Dice Zambrano: «Spero che Habana Blues generi interrogativi non politicamente estremisti. Tra castrismo e anticastrismo, nel
film c' è chi resta e chi se ne va, ma il copione ci dice anche che l' anima idealista di Cuba non è quella di Portorico». Gli
attori: «Cuba non cerca affari sporchi: si interroga sul suo domani, sull' ala degli Stati Uniti in America Latina sempre più
pesante. Ci chiediamo, con l' attrazione-repulsione che da sempre Cuba ha per gli Usa: per sopravvivere, la nostra isola dovrà
vendere spiagge e antichi palazzi? Chi sarà al governo cercherà di fare affari per i ricchi o per tutti i cubani, per coloro che
non hanno dimenticato i sogni di un socialismo iniziale, durato come un paradiso sino al crollo dell' Unione Sovietica?».
(Giovanna Grassi, Il Corriere della Sera - 19/11/2005)
Con Soy Cuba, Habana Blues forma un casuale ma efficace ‘ieri e oggi” cubano che descrive la traiettoria storico/sociale
compiuta negli ultimi 40 anni dal paese caraibico. Come introduzione è bene chiarire che non siamo dalle parti del
wendersiano e nostalgico Buena Vista Social Club ma in un contesto più affine a quello degli assatanati “commitments”
dublinesi di Alan Parker. Ruy e Tito sono due musicisti, amici per la pelle, che sognano il successo lontano da Cuba.
L’occasione sembra arrivare con l’audizione presso una produttrice spagnola con la quale Ruy, sposato con due figli, ha anche
una relazione sessuale. Le aspettative dei due sono frustrate dall’evidente sfruttamento culturale da parte della producer e,
posti davanti a una scelta che cambierà le loro esistenze, le loro decisioni saranno diametralmente opposte. Nonostante la
connotazione musicale, che rivela grandi fermenti nel mondo delle band giovanili, il film è fortemente ispirato dalle
contraddizioni che animano la Cuba di oggi: da un lato il desiderio di fuga e dall’altro il forte radicamento con il passato. Ruy
e Tito rappresentano in modo perfetto queste tendenze, antitetiche, che i due superano grazie al sentimento dell’amicizia, più
forte di ogni divergenza. (Emiliano Morreale, Film TV - 29/11/2005)

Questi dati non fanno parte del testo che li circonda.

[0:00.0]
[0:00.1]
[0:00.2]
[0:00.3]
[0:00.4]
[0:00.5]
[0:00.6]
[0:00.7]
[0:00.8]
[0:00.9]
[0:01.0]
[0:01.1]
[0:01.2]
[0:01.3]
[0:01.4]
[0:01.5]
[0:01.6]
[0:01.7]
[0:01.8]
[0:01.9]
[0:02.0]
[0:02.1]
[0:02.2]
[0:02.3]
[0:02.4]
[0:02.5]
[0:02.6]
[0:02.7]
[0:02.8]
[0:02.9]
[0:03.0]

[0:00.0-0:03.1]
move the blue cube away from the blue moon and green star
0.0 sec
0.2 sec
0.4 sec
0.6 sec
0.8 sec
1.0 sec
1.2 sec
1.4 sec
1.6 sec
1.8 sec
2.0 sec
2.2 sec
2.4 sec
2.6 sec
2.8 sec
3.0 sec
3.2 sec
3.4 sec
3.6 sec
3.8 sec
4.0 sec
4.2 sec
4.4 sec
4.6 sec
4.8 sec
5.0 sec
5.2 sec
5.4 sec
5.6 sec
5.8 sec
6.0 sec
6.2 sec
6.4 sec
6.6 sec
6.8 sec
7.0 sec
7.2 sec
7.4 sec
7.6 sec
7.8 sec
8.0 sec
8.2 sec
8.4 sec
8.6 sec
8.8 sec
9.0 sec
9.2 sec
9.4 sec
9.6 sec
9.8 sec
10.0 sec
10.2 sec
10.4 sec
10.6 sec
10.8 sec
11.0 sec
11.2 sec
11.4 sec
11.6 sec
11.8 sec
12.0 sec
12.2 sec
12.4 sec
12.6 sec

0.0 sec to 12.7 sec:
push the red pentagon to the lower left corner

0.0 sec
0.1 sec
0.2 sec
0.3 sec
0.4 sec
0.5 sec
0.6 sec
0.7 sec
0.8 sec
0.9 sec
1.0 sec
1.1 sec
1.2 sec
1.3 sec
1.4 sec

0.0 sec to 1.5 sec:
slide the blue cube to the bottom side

Per Variety è «un’anarchica lettera d’amore a Cuba e alla sua musica elevata a stile di vita». E le Lettere d’amore possono
peccare di ingenuo entusiasmo, ma spesso toccano iL cuore. Sei anni dopo Solas, che nel circuito festivaliero raccolse un
numero impressionante di premi, lo spagnolo Benito Zambrano torna a Cuba, dove si è diplomato in regia, per raccontare La
storia di due giovani musicisti che sognano di diventare famosi e Lasciare L’Avana. L’occasione si presenta con l’incontro di
una coppia di scopritori di talenti spagnoli, decisi a lanciarli in Europa come vittime del regime castrista. Ora ai due amici
tocca fare i conti con l’attaccamento a un Paese che fino a quel momento non avevano dovuto mettere in discussione. La forza
principale di Habana Blues, presente all’ultimo Festival di Cannes nella sezione Un Certain Regard, è netta trascinante musica
rock-soul fusion ma i suoi simpatici personaggi sono descritti con occhio attento (il suono è registrato tutto in diretta),
evitando ogni facile folklore. (Claudio Masenza, Ciak - 15/11/2005)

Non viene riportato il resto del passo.